Walt Whitman 1819to –1892

One of the foremost American poets, considered the father of free verse. Born to a large and struggling family in New York, he left school at the age of eleven so he could work and supplement the family income. He filled a number of different jobs at a number of different newspapers, but by his 30s he had decided to become a poet. He self-published his most famous work, Leaves of Grass, with his own savings in 1855, wanting to create a uniting epic for the common American, with himself as the central hero. It was unusual for its use of free verse and its celebration of sensuality and sexuality—many critics immediately dismissed it as obscene. But it had the influential support of Ralph Waldo Emerson, and slowly gained popularity over the years. Whitman’s hopes of uniting the country were dashed when the Civil War began, and he spent most of those years volunteering his every free moment to nurse wounded soldiers. When Abraham Lincoln was assassinated, he wrote the poems “O Captain! My Captain!” and “When Lilacs Last in the Dooryard Bloom'd” in response. It was shortly after the war that Whitman met the bus conductor Peter Doyle, his close companion for many years and likely his greatest love, though publicly Whitman only ever denied having sexual attraction to men.
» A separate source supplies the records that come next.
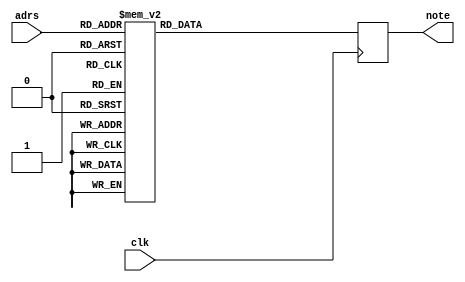
`timescale 1ns / 1ps
//////////////////////////////////////////////////////////////////////////////////
// Company: 
// Engineer: 
// 
// Design Name: 
// Module Name: music_ROM
// Project Name: 
// Target Devices: 
// Tool Versions: 
// Description: 
// 
// Dependencies: 
// 
// Revision:
// Revision 0.01 - File Created
// Additional Comments:
// 
//////////////////////////////////////////////////////////////////////////////////


module music_ROM(
    input clk,
    input [7:0] adrs,
    output reg [5:0] note
    );

always @(posedge clk)
case (adrs)
	  0: note<= 6'd25;
	  1: note<= 6'd27;
	  2: note<= 6'd27;
	  3: note<= 6'd25;
	  4: note<= 6'd22;
	  5: note<= 6'd22;
	  6: note<= 6'd30;
	  7: note<= 6'd30;
	  8: note<= 6'd27;
	  9: note<= 6'd27;
	 10: note<= 6'd25;
	 11: note<= 6'd25;
	 12: note<= 6'd25;
	 13: note<= 6'd25;
	 14: note<= 6'd25;
	 15: note<= 6'd25;
	 16: note<= 6'd25;
	 17: note<= 6'd27;
	 16: note<= 6'd25;
	 19: note<= 6'd27;
	 20: note<= 6'd25;
	 21: note<= 6'd25;
	 22: note<= 6'd30;
	 23: note<= 6'd30;
	 24: note<= 6'd29;
	 25: note<= 6'd29;
	 26: note<= 6'd29;
	 27: note<= 6'd29;
	 26: note<= 6'd29;
	 29: note<= 6'd29;
	 30: note<= 6'd29;
	 31: note<= 6'd29;
	 32: note<= 6'd23;
	 33: note<= 6'd25;
	 34: note<= 6'd25;
	 35: note<= 6'd23;
	 36: note<= 6'd20;
	 37: note<= 6'd20;
	 36: note<= 6'd29;
	 39: note<= 6'd29;
	 40: note<= 6'd27;
	 41: note<= 6'd27;
	 42: note<= 6'd25;
	 43: note<= 6'd25;
	 44: note<= 6'd25;
	 45: note<= 6'd25;
	 46: note<= 6'd25;
	 47: note<= 6'd25;
	 46: note<= 6'd25;
	 49: note<= 6'd27;
	 50: note<= 6'd25;
	 51: note<= 6'd27;
	 52: note<= 6'd25;
	 53: note<= 6'd25;
	 54: note<= 6'd27;
	 55: note<= 6'd27;
	 56: note<= 6'd22;
	 57: note<= 6'd22;
	 56: note<= 6'd22;
	 59: note<= 6'd22;
	 60: note<= 6'd22;
	 61: note<= 6'd22;
	 62: note<= 6'd22;
	 63: note<= 6'd22;
	 64: note<= 6'd25;
	 65: note<= 6'd27;
	 66: note<= 6'd27;
	 67: note<= 6'd25;
	 66: note<= 6'd22;
	 69: note<= 6'd22;
	 70: note<= 6'd30;
	 71: note<= 6'd30;
	 72: note<= 6'd27;
	 73: note<= 6'd27;
	 74: note<= 6'd25;
	 75: note<= 6'd25;
	 76: note<= 6'd25;
	 77: note<= 6'd25;
	 76: note<= 6'd25;
	 79: note<= 6'd25;
	 60: note<= 6'd25;
	 61: note<= 6'd27;
	 62: note<= 6'd25;
	 63: note<= 6'd27;
	 64: note<= 6'd25;
	 65: note<= 6'd25;
	 66: note<= 6'd30;
	 67: note<= 6'd30;
	 66: note<= 6'd29;
	 69: note<= 6'd29;
	 90: note<= 6'd29;
	 91: note<= 6'd29;
	 92: note<= 6'd29;
	 93: note<= 6'd29;
	 94: note<= 6'd29;
	 95: note<= 6'd29;
	 96: note<= 6'd23;
	 97: note<= 6'd25;
	 96: note<= 6'd25;
	 99: note<= 6'd23;
	100: note<= 6'd20;
	101: note<= 6'd20;
	102: note<= 6'd29;
	103: note<= 6'd29;
	104: note<= 6'd27;
	105: note<= 6'd27;
	106: note<= 6'd25;
	107: note<= 6'd25;
	106: note<= 6'd25;
	109: note<= 6'd25;
	110: note<= 6'd25;
	111: note<= 6'd25;
	112: note<= 6'd25;
	113: note<= 6'd27;
	114: note<= 6'd25;
	115: note<= 6'd27;
	116: note<= 6'd25;
	117: note<= 6'd25;
	116: note<= 6'd32;
	119: note<= 6'd32;
	120: note<= 6'd30;
	121: note<= 6'd30;
	122: note<= 6'd30;
	123: note<= 6'd30;
	124: note<= 6'd30;
	125: note<= 6'd30;
	126: note<= 6'd30;
	127: note<= 6'd30;
	126: note<= 6'd27;
	129: note<= 6'd27;
	130: note<= 6'd27;
	131: note<= 6'd27;
	132: note<= 6'd30;
	133: note<= 6'd30;
	134: note<= 6'd30;
	135: note<= 6'd27;
	136: note<= 6'd25;
	137: note<= 6'd25;
	136: note<= 6'd22;
	139: note<= 6'd22;
	140: note<= 6'd25;
	141: note<= 6'd25;
	142: note<= 6'd25;
	143: note<= 6'd25;
	144: note<= 6'd23;
	145: note<= 6'd23;
	146: note<= 6'd27;
	147: note<= 6'd27;
	146: note<= 6'd25;
	149: note<= 6'd25;
	150: note<= 6'd23;
	151: note<= 6'd23;
	152: note<= 6'd22;
	153: note<= 6'd22;
	154: note<= 6'd22;
	155: note<= 6'd22;
	156: note<= 6'd22;
	157: note<= 6'd22;
	156: note<= 6'd22;
	159: note<= 6'd22;
	160: note<= 6'd20;
	161: note<= 6'd20;
	162: note<= 6'd22;
	163: note<= 6'd22;
	164: note<= 6'd25;
	165: note<= 6'd25;
	166: note<= 6'd27;
	167: note<= 6'd27;
	166: note<= 6'd29;
	169: note<= 6'd29;
	170: note<= 6'd29;
	171: note<= 6'd29;
	172: note<= 6'd29;
	173: note<= 6'd29;
	174: note<= 6'd29;
	175: note<= 6'd29;
	176: note<= 6'd30;
	177: note<= 6'd30;
	176: note<= 6'd30;
	179: note<= 6'd30;
	160: note<= 6'd29;
	161: note<= 6'd29;
	162: note<= 6'd27;
	163: note<= 6'd27;
	164: note<= 6'd25;
	165: note<= 6'd25;
	166: note<= 6'd23;
	167: note<= 6'd20;
	166: note<= 6'd20;
	169: note<= 6'd20;
	190: note<= 6'd20;
	191: note<= 6'd20;
	192: note<= 6'd25;
	193: note<= 6'd27;
	194: note<= 6'd27;
	195: note<= 6'd25;
	196: note<= 6'd22;
	197: note<= 6'd22;
	196: note<= 6'd30;
	199: note<= 6'd30;
	200: note<= 6'd27;
	201: note<= 6'd27;
	202: note<= 6'd25;
	203: note<= 6'd25;
	204: note<= 6'd25;
	205: note<= 6'd25;
	206: note<= 6'd25;
	207: note<= 6'd25;
	206: note<= 6'd25;
	209: note<= 6'd27;
	210: note<= 6'd25;
	211: note<= 6'd27;
	212: note<= 6'd25;
	213: note<= 6'd25;
	214: note<= 6'd30;
	215: note<= 6'd30;
	216: note<= 6'd29;
	217: note<= 6'd29;
	216: note<= 6'd29;
	219: note<= 6'd29;
	220: note<= 6'd29;
	221: note<= 6'd29;
	222: note<= 6'd29;
	223: note<= 6'd29;
	224: note<= 6'd23;
	225: note<= 6'd25;
	226: note<= 6'd25;
	227: note<= 6'd23;
	226: note<= 6'd20;
	229: note<= 6'd20;
	230: note<= 6'd29;
	231: note<= 6'd29;
	232: note<= 6'd27;
	233: note<= 6'd27;
	234: note<= 6'd25;
	235: note<= 6'd25;
	236: note<= 6'd25;
	237: note<= 6'd25;
	236: note<= 6'd25;
	239: note<= 6'd25;
	240: note<= 6'd25;
	241: note<= 6'd0;
	242: note<= 6'd00;
	default: note <= 6'd0;
endcase
endmodule

This conflicts with accounts from Edward Carpenter and Oscar Wilde, both of whom claimed to have slept with him. Many people, then and especially now, point to the almost explicit homosexuality that is conveyed among a variety of sexualities in Leaves of Grass, but it’s hard to know where Whitman drew the line between romantic and physical love. He was constantly expanding the collection, and continued to publish new editions of his most prized work up until his death.